The spray pattern for the fuel was optimized after extensive computer modeling work, with the angle of how the fuel is sprayed key to the process.

“The better combustion process is a big advantage of direct injection,” said Kunde. “In a port fuel system, at key off it’s possible to have fuel on the walls of the intake port, which migrates to the top of the valve and puddles. So when you key on, you get that emissions spike. Direct injection is much cleaner from that standpoint. This same feature also greatly reduces the evaporative emissions from the vehicle.”
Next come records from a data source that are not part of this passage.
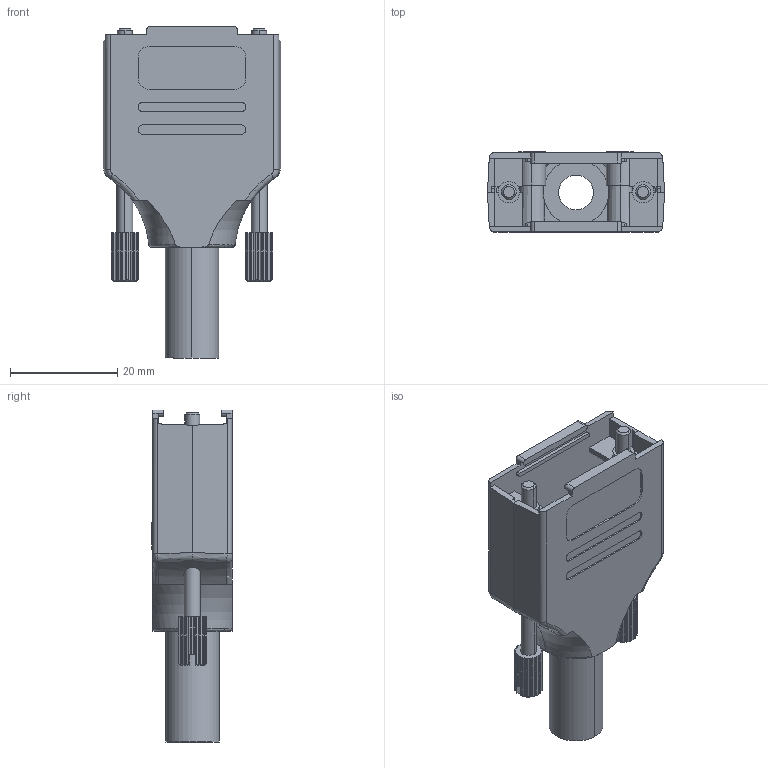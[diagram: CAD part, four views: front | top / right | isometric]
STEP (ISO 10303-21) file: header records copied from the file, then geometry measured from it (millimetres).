
FILE_DESCRIPTION (( 'STEP AP214' ), '1' );
FILE_NAME ('6560-0135-01.STEP', '2022-03-25T13:33:23', ( '' ), ( '' ), 'SwSTEP 2.0', 'SolidWorks 2021', '' );
FILE_SCHEMA (( 'AUTOMOTIVE_DESIGN' ));
Length unit declared in the file: millimetre
Products named in the file (7): 6824-0120-02; 6805-0136-11; 6826-0141-02; 6805-0136-01; 6855-0117-03; 6560-0135-01; 6522-0110-12
Assembly tree (8 placements, depth 2):
  6560-0135-01
    6805-0136-11
    6522-0110-12
    6805-0136-01
    6826-0141-02  x2
    6855-0117-03  x2
    6824-0120-02
Bounding box: 33 x 14.95 x 61.85 mm (x, y, z)
Volume: 5927.3 mm3; surface area: 12317.6 mm2
Topology: 8 solids, 8 shells, 1687 faces, 3887 edges, 2244 vertices
Faces by surface type: bspline 822, cylinder 438, plane 381, cone 30, torus 16
Entity records: 114267 total; most frequent: CARTESIAN_POINT 89521, ORIENTED_EDGE 6848, EDGE_CURVE 3424, DIRECTION 3051, VERTEX_POINT 1938, EDGE_LOOP 1554, FACE_OUTER_BOUND 1522, ADVANCED_FACE 1522
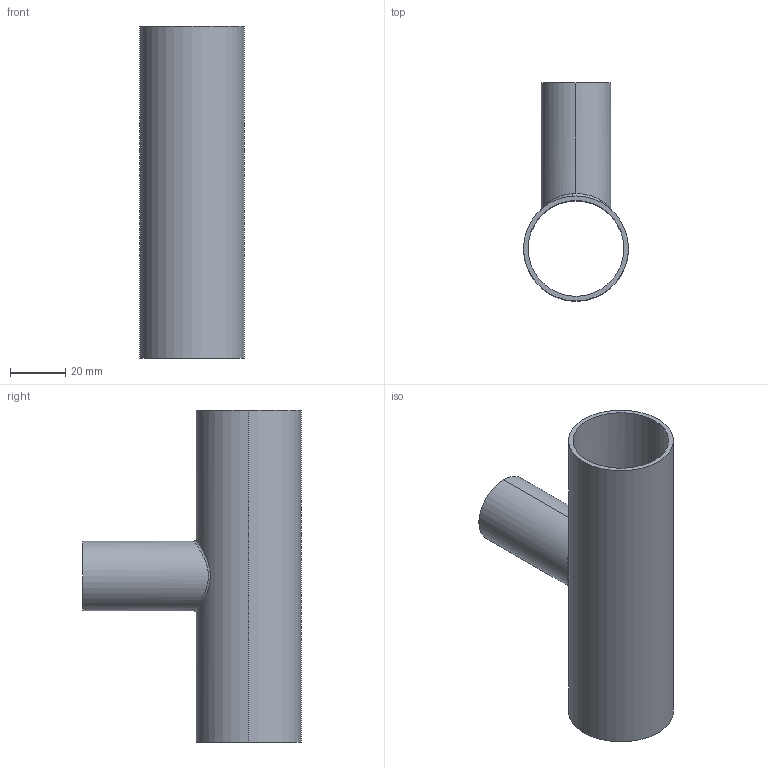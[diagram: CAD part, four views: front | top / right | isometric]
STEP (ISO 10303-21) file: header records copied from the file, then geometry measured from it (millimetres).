
FILE_DESCRIPTION (( 'STEP AP214' ), '1' );
FILE_NAME ('DT10 38.1x25.4.STEP', '2014-02-12T02:20:07', ( '' ), ( '' ), 'SwSTEP 2.0', 'SolidWorks 2013', '' );
FILE_SCHEMA (( 'AUTOMOTIVE_DESIGN' ));
Length unit declared in the file: inch
Products named in the file (1): DT10 38.1x25.4
Bounding box: 38.1 x 79.35 x 120.6 mm (x, y, z)
Volume: 27401.8 mm3; surface area: 33709.7 mm2
Topology: 1 solids, 1 shells, 15 faces, 36 edges, 24 vertices
Faces by surface type: cylinder 8, bspline 4, plane 3
Entity records: 1501 total; most frequent: CARTESIAN_POINT 1123, ORIENTED_EDGE 72, DIRECTION 64, EDGE_CURVE 36, AXIS2_PLACEMENT_3D 28, VERTEX_POINT 24, EDGE_LOOP 20, CIRCLE 16
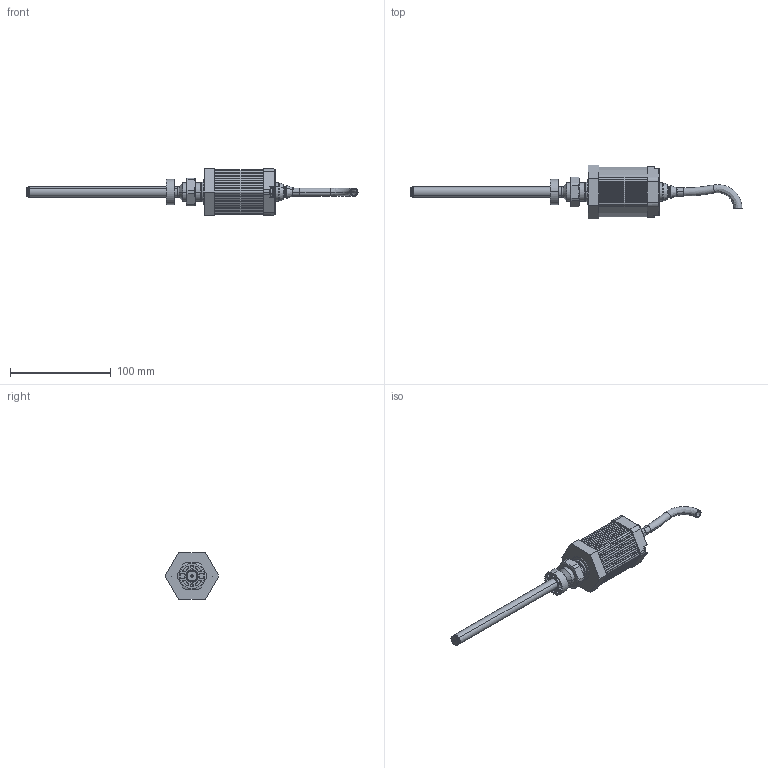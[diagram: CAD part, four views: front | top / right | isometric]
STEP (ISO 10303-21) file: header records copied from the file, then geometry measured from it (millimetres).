
FILE_DESCRIPTION (( 'STEP AP214' ), '1' );
FILE_NAME ('TMI_xxxx_003_xxx_201_02.STEP', '2008-03-26T10:33:44', ( 'novotechnik' ), ( 'novotechnik' ), 'SwSTEP 2.0', 'SolidWorks 2007', '' );
FILE_SCHEMA (( 'AUTOMOTIVE_DESIGN' ));
Length unit declared in the file: millimetre
Products named in the file (16): 516114_Flansch_f黵_Stecker_IEC_130-9~00_Standard; 517559_Kabeltülle~00_Standard; Typenschild~00ID-1_Standard; Stab,_geschnitten~00ID-1_Standard; Magnetträger~00ID-1_Standard; Gehäuse_TMI~00ID-1_Standard; TMI_xxxx_003_xxx_201_02; Schweissnaht_innen~00ID-1_Standard; Anschlussflansch_Stabseite~00ID-1_Standard; Endstück_N~00ID-1_Standard; Schraube-1_Standard; Sechskantmutter_M18x1,5_ISO_8675~00ID-1_Standard; Schweissnaht_aussen_1~00ID-1_Standard; Schweissnaht_aussen_2~00ID-1_Standard; Kabelabgang_Isolierung~00ID-1_Standard; O-Ring_15,4x2,1~00ID-1_Standard
Assembly tree (16 placements, depth 2):
  TMI_xxxx_003_xxx_201_02
    Schweissnaht_aussen_1~00ID-1_Standard
    Schraube-1_Standard  x2
    Gehäuse_TMI~00ID-1_Standard
    Schweissnaht_aussen_2~00ID-1_Standard
    Anschlussflansch_Stabseite~00ID-1_Standard
    Typenschild~00ID-1_Standard
    Schweissnaht_innen~00ID-1_Standard
    Endstück_N~00ID-1_Standard
    Magnetträger~00ID-1_Standard
    516114_Flansch_f黵_Stecker_IEC_130-9~00_Standard
    Kabelabgang_Isolierung~00ID-1_Standard
    Stab,_geschnitten~00ID-1_Standard
    517559_Kabeltülle~00_Standard
    Sechskantmutter_M18x1,5_ISO_8675~00ID-1_Standard
    O-Ring_15,4x2,1~00ID-1_Standard
Bounding box: 329.33 x 53.12 x 46 mm (x, y, z)
Volume: 129369.2 mm3; surface area: 51499.7 mm2
Topology: 16 solids, 16 shells, 1361 faces, 3523 edges, 2265 vertices
Faces by surface type: plane 463, cylinder 382, bspline 322, cone 140, torus 50, sphere 4
Entity records: 63618 total; most frequent: CARTESIAN_POINT 19531, ORIENTED_EDGE 6906, DIRECTION 5842, EDGE_CURVE 3453, VERTEX_POINT 2230, AXIS2_PLACEMENT_3D 2032, LINE 1778, VECTOR 1778
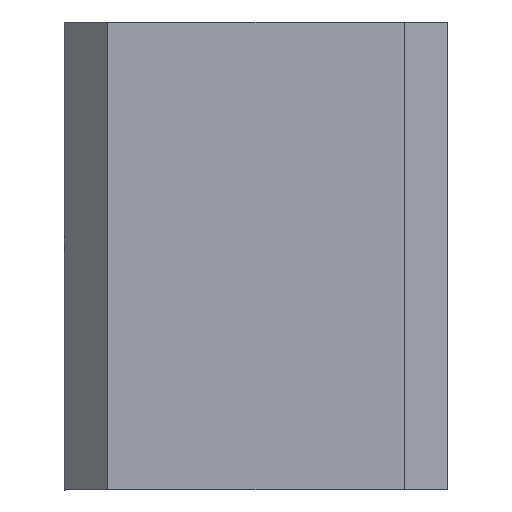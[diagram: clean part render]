
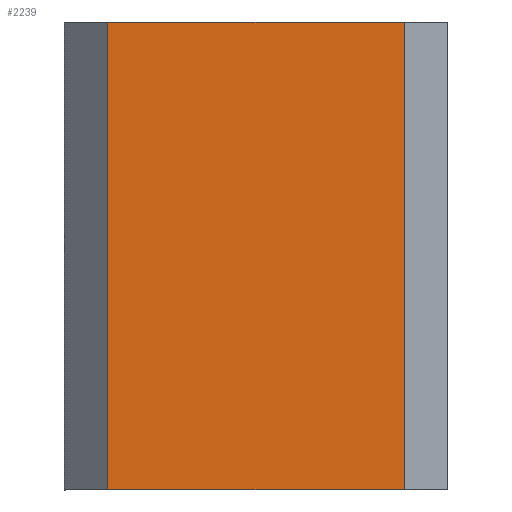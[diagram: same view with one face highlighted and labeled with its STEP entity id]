
A CAD part, front view. The second image highlights one B-rep face of the part: STEP entity #2239.
In plain terms, the highlighted planar face has unit normal (0, -1, 0).
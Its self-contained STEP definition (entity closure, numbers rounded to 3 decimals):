
#63=FACE_OUTER_BOUND('',#176,.T.);
#176=EDGE_LOOP('',(#1484,#1485,#1486,#1487));
#303=LINE('',#3104,#611);
#306=LINE('',#3110,#614);
#307=LINE('',#3112,#615);
#308=LINE('',#3113,#616);
#611=VECTOR('',#2514,10.);
#614=VECTOR('',#2519,10.);
#615=VECTOR('',#2520,10.);
#616=VECTOR('',#2521,10.);
#915=VERTEX_POINT('',#3101);
#916=VERTEX_POINT('',#3103);
#918=VERTEX_POINT('',#3109);
#919=VERTEX_POINT('',#3111);
#1140=EDGE_CURVE('',#915,#916,#303,.T.);
#1143=EDGE_CURVE('',#918,#915,#306,.T.);
#1144=EDGE_CURVE('',#919,#918,#307,.T.);
#1145=EDGE_CURVE('',#916,#919,#308,.T.);
#1484=ORIENTED_EDGE('',*,*,#1140,.F.);
#1485=ORIENTED_EDGE('',*,*,#1143,.F.);
#1486=ORIENTED_EDGE('',*,*,#1144,.F.);
#1487=ORIENTED_EDGE('',*,*,#1145,.F.);
#2136=PLANE('',#2354);
#2239=ADVANCED_FACE('',(#63),#2136,.T.);
#2354=AXIS2_PLACEMENT_3D('',#3108,#2517,#2518);
#2514=DIRECTION('',(0.,0.,-1.));
#2517=DIRECTION('center_axis',(0.,-1.,0.));
#2518=DIRECTION('ref_axis',(1.,0.,0.));
#2519=DIRECTION('',(1.,0.,0.));
#2520=DIRECTION('',(0.,0.,1.));
#2521=DIRECTION('',(-1.,0.,0.));
#3101=CARTESIAN_POINT('',(7.25,-16.,26.));
#3103=CARTESIAN_POINT('',(7.25,-16.,-6.));
#3104=CARTESIAN_POINT('',(7.25,-16.,0.));
#3108=CARTESIAN_POINT('Origin',(-16.,-16.,0.));
#3109=CARTESIAN_POINT('',(-13.,-16.,26.));
#3110=CARTESIAN_POINT('',(-16.,-16.,26.));
#3111=CARTESIAN_POINT('',(-13.,-16.,-6.));
#3112=CARTESIAN_POINT('',(-13.,-16.,0.));
#3113=CARTESIAN_POINT('',(10.25,-16.,-6.));

Turbo lag virtually eliminated
The turbocharger operation paired with the direct-injection system helps to virtually eliminate turbo lag. The turbocharger spins at up to 200,000 rpm and is designed for a life cycle of 150,000 miles or 10 years.

“Our testing is far, far more harsh than could be achieved in the real world,” said Kunde. “In an extreme situation, a customer might be able to hit peak power for about 10 seconds – probably not even that much. We test at peak power for hundreds of hours to ensure we can reach our durability and reliability goals.”

The turbocharger is about the size of a grapefruit, helping to provide a big performance advantage to customers. Kunde describes the torque response in terms of linear acceleration – power whenever the customer wants it.

“You get peak torque across a very wide engine speed range,” he said. “It’s available when you pull away from a stoplight or pass someone on a secondary road at a comparatively low speed. You don’t need to wind up the engine to get performance out of it. It’s there all the time.”

Turbocharger “whoosh” is mitigated by electronically controlled anti-surge valves that proactively relieve the boost in the intake, which can range up to 13 psi. Careful software calibrations manage the pressures in the intake manifold.

“We control the boost to make sure that customers don’t recognize when the boost is building,” said Kunde. “As the turbocharger spools up, the electronic control system takes over. Our active wastegate control, along with the throttle, controls the boost and torque levels very precisely, and the customer perceives a continuous delivery of torque.”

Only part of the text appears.